Australia’s recycling system is facing a crisis, with councils and ratepayers in the line of fire.
The new report from the Australian Council of Recyclers and the Australian Packaging Covenant Organisation, Securing Australia’s Plastic Recycling Future, presents a sobering picture of an industry in danger of collapse without urgent reform.
Companies that use packaging currently have no responsibility for the packaging they put into the market, and local councils and landfills are overwhelmed by rising volumes of material that could be recycled.
The Australian Local Government Association (ALGA) is urgently calling for a regulated, national product stewardship scheme for packaging and plastics.
It would require companies to reclaim, recycle and reuse their commercial packaging and plastic.
Local councils are overwhelmed by rising volumes of packaging and plastics, with landfill capacity nearing its limits.
Each year, Australia uses over 1.3 million tonnes of plastic packaging, but more than 1 million tonnes ends up in landfill or as litter.
Although recyclers can process plastics, low demand for recycled material threatens facility closures, leading to more waste, increased imports, and job losses.
Investments in domestic recycling were made in anticipation of a mandatory national scheme, a promise yet to be fulfilled.
Regulatory uncertainty now threatens the entire system, with some recyclers considering withdrawal from services, which could increase landfill and restart stockpiling.
ALGA warns that councils and ratepayers already carry a significant cost burden, and they can’t afford to bear the additional cost of doing nothing.
Environmental costs are projected to exceed $5 billion by 2050, and councils will be left to shoulder the burden.
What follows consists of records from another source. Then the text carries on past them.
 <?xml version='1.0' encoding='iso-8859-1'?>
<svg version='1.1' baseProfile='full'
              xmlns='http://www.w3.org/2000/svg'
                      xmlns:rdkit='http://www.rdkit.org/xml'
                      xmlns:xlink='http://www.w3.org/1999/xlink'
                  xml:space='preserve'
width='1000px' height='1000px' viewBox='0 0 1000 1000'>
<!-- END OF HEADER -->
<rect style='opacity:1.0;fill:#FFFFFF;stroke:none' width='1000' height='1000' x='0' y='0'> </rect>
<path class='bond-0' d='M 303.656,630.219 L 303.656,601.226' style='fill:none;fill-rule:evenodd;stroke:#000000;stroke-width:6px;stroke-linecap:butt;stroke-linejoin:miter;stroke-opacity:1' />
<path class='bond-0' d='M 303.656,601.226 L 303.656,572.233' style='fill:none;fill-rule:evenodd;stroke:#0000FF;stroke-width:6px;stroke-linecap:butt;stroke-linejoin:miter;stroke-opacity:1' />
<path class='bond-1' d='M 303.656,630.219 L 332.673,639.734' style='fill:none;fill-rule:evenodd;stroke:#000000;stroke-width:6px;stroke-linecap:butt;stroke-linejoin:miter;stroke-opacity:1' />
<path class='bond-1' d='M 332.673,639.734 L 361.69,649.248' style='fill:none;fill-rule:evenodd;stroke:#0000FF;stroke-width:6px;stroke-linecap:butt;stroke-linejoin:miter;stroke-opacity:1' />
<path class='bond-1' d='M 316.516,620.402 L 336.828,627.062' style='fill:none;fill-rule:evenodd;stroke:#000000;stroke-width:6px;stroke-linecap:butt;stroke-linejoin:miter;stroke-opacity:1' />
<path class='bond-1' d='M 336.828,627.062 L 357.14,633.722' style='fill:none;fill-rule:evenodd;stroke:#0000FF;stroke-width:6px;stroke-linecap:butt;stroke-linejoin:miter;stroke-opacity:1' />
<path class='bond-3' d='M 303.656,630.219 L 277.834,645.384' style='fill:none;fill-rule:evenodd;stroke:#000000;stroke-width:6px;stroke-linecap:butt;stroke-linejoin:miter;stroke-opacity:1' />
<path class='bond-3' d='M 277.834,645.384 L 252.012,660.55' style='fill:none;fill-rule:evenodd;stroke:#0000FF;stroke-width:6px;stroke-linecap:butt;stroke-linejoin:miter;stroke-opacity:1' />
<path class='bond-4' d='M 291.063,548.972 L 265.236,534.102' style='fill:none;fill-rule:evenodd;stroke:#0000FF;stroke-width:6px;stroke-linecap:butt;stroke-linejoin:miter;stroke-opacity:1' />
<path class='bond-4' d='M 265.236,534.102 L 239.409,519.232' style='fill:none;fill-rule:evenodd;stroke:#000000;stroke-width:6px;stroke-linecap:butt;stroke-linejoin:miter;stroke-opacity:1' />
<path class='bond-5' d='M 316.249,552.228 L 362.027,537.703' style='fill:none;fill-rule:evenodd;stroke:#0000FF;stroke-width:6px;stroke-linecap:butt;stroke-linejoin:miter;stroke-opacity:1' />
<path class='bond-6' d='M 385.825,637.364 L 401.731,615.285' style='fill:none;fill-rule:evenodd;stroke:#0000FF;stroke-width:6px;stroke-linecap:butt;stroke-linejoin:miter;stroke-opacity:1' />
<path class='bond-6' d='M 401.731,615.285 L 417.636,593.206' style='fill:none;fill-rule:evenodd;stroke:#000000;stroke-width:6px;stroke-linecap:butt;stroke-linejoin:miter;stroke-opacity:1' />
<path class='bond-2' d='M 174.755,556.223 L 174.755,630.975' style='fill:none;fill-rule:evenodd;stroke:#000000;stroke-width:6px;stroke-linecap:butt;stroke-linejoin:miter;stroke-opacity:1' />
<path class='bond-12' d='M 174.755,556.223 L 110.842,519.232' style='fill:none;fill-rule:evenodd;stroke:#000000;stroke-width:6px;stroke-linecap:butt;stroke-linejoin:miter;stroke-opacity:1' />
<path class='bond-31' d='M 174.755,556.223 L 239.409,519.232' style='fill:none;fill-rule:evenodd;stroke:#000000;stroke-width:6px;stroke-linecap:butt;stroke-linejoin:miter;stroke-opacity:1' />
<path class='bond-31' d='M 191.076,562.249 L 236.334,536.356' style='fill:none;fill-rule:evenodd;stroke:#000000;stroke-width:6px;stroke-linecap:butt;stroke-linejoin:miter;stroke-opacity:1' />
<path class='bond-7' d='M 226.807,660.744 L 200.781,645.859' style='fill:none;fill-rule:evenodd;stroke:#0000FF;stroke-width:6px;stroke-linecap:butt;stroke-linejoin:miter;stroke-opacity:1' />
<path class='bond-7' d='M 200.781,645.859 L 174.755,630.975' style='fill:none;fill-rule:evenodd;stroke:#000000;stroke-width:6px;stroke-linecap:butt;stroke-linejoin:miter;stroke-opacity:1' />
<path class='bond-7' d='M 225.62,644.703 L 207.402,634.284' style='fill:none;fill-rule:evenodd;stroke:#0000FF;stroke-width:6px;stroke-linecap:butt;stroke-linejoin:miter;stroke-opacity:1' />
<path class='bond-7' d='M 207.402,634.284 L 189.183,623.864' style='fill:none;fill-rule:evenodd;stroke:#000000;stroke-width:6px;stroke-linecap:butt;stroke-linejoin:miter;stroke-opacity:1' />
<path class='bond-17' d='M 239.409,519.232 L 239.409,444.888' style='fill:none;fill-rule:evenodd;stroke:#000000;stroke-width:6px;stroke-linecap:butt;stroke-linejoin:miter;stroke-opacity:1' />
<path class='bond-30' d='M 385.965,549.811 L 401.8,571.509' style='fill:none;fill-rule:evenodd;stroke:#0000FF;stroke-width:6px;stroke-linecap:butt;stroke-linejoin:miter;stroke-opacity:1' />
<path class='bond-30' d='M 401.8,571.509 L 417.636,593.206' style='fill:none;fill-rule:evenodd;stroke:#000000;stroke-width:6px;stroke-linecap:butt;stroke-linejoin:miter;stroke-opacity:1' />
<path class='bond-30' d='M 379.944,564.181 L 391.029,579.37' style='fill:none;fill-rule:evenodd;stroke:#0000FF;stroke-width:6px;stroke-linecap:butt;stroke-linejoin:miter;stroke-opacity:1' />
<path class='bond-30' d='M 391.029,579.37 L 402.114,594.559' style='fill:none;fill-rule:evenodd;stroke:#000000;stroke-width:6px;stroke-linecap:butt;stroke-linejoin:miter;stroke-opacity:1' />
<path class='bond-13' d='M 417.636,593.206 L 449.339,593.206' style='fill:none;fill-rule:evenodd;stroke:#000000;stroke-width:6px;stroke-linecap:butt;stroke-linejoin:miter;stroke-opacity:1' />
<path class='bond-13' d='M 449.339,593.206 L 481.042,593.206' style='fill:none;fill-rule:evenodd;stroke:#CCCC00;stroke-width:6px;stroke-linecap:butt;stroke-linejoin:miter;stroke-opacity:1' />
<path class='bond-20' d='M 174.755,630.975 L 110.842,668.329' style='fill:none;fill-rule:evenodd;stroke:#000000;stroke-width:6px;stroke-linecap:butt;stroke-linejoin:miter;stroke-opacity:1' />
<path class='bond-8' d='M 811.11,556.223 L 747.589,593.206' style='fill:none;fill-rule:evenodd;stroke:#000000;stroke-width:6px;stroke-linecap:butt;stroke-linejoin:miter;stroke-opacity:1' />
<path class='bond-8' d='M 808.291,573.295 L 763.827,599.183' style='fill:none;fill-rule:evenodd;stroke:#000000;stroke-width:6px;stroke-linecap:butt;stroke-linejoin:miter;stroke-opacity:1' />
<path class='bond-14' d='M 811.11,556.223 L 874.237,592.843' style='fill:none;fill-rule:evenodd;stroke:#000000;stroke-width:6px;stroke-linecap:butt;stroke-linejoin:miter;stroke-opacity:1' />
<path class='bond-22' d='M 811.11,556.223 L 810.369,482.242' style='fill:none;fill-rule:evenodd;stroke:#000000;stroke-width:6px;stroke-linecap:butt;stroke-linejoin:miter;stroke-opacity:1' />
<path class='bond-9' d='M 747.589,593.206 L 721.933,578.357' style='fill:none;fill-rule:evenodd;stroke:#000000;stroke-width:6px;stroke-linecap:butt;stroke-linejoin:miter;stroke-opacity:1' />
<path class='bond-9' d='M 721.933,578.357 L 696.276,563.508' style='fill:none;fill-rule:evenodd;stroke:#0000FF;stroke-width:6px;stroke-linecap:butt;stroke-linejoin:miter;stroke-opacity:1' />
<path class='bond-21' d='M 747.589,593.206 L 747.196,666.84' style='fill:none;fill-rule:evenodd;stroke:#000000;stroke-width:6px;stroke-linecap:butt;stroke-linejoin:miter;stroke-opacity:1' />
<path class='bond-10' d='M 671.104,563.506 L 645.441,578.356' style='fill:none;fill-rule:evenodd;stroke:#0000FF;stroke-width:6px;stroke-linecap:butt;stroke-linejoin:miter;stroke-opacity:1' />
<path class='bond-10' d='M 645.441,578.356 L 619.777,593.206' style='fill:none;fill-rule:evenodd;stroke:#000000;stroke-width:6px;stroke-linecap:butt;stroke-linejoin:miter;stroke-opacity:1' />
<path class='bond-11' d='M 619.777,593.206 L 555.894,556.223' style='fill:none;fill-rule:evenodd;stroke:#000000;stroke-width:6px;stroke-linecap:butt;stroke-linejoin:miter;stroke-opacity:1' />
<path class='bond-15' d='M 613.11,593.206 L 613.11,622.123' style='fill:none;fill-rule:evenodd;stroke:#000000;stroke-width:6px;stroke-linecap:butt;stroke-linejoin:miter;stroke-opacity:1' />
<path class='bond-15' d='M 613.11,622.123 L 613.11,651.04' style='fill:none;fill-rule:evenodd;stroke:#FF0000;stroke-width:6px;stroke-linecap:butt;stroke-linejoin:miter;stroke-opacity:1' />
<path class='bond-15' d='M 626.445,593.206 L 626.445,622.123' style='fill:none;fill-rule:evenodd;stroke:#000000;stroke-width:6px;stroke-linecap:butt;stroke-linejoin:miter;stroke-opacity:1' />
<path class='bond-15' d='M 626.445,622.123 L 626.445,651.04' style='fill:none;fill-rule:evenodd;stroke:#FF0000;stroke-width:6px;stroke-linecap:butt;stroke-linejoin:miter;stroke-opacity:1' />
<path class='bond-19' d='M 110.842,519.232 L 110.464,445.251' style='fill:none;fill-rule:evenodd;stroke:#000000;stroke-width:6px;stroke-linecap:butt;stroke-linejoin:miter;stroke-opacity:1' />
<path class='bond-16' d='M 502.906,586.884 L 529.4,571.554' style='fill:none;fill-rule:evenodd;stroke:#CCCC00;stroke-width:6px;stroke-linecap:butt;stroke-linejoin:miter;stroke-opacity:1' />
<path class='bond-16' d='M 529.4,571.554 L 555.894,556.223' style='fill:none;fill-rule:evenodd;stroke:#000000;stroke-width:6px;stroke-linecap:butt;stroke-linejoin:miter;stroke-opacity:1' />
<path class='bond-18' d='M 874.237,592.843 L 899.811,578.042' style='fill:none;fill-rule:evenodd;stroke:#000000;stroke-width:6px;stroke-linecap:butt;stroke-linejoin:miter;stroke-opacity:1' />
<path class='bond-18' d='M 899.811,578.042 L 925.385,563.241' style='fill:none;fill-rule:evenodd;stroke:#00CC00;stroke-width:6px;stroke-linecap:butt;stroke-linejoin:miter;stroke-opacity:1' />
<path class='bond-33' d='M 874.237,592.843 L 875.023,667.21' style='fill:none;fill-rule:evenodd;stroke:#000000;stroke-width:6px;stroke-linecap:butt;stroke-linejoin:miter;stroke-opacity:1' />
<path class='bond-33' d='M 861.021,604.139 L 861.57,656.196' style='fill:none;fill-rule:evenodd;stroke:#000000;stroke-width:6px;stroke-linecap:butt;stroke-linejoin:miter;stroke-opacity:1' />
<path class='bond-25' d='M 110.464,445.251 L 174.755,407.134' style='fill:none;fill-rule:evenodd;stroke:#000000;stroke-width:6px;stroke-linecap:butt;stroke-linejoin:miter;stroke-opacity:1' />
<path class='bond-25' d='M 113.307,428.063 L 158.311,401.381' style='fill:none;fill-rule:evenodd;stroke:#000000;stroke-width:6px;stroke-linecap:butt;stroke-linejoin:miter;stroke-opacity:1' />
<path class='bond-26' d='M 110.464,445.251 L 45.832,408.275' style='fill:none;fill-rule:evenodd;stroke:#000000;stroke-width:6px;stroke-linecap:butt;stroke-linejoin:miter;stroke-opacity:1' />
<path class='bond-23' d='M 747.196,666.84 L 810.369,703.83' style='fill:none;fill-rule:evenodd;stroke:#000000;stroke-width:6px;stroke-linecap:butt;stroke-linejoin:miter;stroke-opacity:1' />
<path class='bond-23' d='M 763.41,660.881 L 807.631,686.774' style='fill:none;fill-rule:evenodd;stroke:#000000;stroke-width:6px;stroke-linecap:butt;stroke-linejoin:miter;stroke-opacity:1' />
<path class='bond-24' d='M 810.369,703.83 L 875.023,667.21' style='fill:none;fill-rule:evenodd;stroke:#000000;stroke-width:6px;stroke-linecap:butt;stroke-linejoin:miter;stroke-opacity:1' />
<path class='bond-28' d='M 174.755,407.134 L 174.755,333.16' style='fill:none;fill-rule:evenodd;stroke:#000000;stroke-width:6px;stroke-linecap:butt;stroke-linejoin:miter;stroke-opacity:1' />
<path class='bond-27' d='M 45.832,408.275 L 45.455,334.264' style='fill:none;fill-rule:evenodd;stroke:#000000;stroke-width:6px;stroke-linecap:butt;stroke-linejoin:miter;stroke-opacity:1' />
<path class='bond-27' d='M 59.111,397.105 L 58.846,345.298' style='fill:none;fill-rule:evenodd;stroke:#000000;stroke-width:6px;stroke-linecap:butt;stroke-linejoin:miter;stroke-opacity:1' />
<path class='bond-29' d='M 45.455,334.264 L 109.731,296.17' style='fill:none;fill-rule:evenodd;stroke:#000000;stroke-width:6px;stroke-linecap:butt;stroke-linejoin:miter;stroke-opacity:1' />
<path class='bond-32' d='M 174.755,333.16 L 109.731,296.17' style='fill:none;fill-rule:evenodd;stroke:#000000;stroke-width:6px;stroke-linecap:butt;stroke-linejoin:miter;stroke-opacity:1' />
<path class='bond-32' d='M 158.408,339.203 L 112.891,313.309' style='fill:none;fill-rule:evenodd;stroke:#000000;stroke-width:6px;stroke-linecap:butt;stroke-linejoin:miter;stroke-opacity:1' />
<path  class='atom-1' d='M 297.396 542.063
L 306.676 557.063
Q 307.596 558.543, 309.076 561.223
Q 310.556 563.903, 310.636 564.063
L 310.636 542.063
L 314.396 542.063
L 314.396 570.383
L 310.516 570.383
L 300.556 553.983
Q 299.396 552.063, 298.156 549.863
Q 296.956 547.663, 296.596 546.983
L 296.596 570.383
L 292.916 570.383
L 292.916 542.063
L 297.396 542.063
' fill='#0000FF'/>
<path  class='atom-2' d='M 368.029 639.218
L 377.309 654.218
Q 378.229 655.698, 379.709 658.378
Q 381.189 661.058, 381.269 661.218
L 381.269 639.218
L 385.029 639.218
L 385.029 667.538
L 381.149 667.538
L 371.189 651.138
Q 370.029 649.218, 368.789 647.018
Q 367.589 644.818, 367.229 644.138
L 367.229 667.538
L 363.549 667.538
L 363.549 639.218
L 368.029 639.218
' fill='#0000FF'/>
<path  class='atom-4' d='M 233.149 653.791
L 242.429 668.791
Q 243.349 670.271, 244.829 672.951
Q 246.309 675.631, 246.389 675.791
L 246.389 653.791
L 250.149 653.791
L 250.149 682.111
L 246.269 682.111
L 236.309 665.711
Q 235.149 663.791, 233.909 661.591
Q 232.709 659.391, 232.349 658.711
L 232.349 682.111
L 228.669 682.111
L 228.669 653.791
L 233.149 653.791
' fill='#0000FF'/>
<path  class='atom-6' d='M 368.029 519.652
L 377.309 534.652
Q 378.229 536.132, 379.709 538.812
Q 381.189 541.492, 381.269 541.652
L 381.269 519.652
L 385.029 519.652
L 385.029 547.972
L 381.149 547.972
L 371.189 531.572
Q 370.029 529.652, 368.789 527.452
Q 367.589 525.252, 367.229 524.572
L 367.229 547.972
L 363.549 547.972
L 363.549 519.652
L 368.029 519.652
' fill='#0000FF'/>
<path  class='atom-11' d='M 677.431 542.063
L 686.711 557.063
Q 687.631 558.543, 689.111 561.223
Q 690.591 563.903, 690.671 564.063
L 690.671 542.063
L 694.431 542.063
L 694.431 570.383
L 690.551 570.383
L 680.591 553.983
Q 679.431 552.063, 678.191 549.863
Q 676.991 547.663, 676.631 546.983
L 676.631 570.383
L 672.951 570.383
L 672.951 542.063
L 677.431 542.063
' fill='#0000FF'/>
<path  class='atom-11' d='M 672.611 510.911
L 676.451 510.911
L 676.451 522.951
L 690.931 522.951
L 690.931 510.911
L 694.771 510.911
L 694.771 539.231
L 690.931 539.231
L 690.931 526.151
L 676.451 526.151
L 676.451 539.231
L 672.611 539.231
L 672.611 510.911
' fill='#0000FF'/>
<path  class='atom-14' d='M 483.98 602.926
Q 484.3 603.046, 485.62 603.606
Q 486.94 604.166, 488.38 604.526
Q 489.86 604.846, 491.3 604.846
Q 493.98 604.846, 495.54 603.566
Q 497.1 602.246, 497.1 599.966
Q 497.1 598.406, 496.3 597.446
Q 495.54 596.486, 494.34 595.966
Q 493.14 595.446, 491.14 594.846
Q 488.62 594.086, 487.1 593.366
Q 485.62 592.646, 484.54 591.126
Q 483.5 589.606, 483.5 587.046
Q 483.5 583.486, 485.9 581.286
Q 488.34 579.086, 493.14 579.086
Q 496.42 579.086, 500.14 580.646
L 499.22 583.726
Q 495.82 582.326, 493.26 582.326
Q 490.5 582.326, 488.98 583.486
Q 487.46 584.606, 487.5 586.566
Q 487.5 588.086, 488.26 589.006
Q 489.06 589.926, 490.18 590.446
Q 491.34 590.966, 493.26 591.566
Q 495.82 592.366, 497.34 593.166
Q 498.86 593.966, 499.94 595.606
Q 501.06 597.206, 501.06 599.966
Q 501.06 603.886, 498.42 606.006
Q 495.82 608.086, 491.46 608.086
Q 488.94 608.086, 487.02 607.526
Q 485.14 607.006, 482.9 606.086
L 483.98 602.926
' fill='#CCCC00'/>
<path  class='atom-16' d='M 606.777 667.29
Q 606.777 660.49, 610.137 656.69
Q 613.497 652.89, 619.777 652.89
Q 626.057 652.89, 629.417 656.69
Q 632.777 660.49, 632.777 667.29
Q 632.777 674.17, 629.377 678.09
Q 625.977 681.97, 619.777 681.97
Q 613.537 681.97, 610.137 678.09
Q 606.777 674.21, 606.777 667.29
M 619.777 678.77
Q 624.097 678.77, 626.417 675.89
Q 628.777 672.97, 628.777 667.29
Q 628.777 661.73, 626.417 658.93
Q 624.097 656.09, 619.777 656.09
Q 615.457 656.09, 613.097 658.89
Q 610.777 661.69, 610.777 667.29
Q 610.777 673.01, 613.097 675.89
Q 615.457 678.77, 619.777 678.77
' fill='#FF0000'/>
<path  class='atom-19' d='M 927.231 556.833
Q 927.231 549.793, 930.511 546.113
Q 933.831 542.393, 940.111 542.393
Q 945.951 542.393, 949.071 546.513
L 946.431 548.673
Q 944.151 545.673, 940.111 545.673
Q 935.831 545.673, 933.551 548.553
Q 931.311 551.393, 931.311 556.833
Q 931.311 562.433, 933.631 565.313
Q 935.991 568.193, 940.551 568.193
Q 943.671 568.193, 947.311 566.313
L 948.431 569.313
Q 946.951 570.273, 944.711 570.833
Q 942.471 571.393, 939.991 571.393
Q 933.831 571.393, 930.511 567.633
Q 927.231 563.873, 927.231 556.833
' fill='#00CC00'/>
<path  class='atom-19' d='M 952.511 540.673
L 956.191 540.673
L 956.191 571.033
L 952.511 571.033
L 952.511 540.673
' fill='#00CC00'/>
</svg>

By contrast, modelling by the Australian Council of Recyclers shows that moving the responsibility for packaging waste back to industry would only add 0.1 per cent to product costs.
National Packaging Reform is urgently needed to support recycling, create a level playing field, and shift responsibility to industry over ratepayers.
Local government seeks a practical solution that provides investment certainty.
ALGA urges the government to explore using the Recycling and Waste Reduction Act to mandate an extended producer responsibility scheme, ensuring systematic monitoring of risks and impacts on local government services, and guaranteeing minimum service levels for regional, rural, and remote communities.
Australia can be a leader in packaging and plastics stewardship, but leadership requires action.
The time for a national product stewardship scheme is now, before financial and environmental costs become unmanageable and before vital infrastructure and jobs are lost.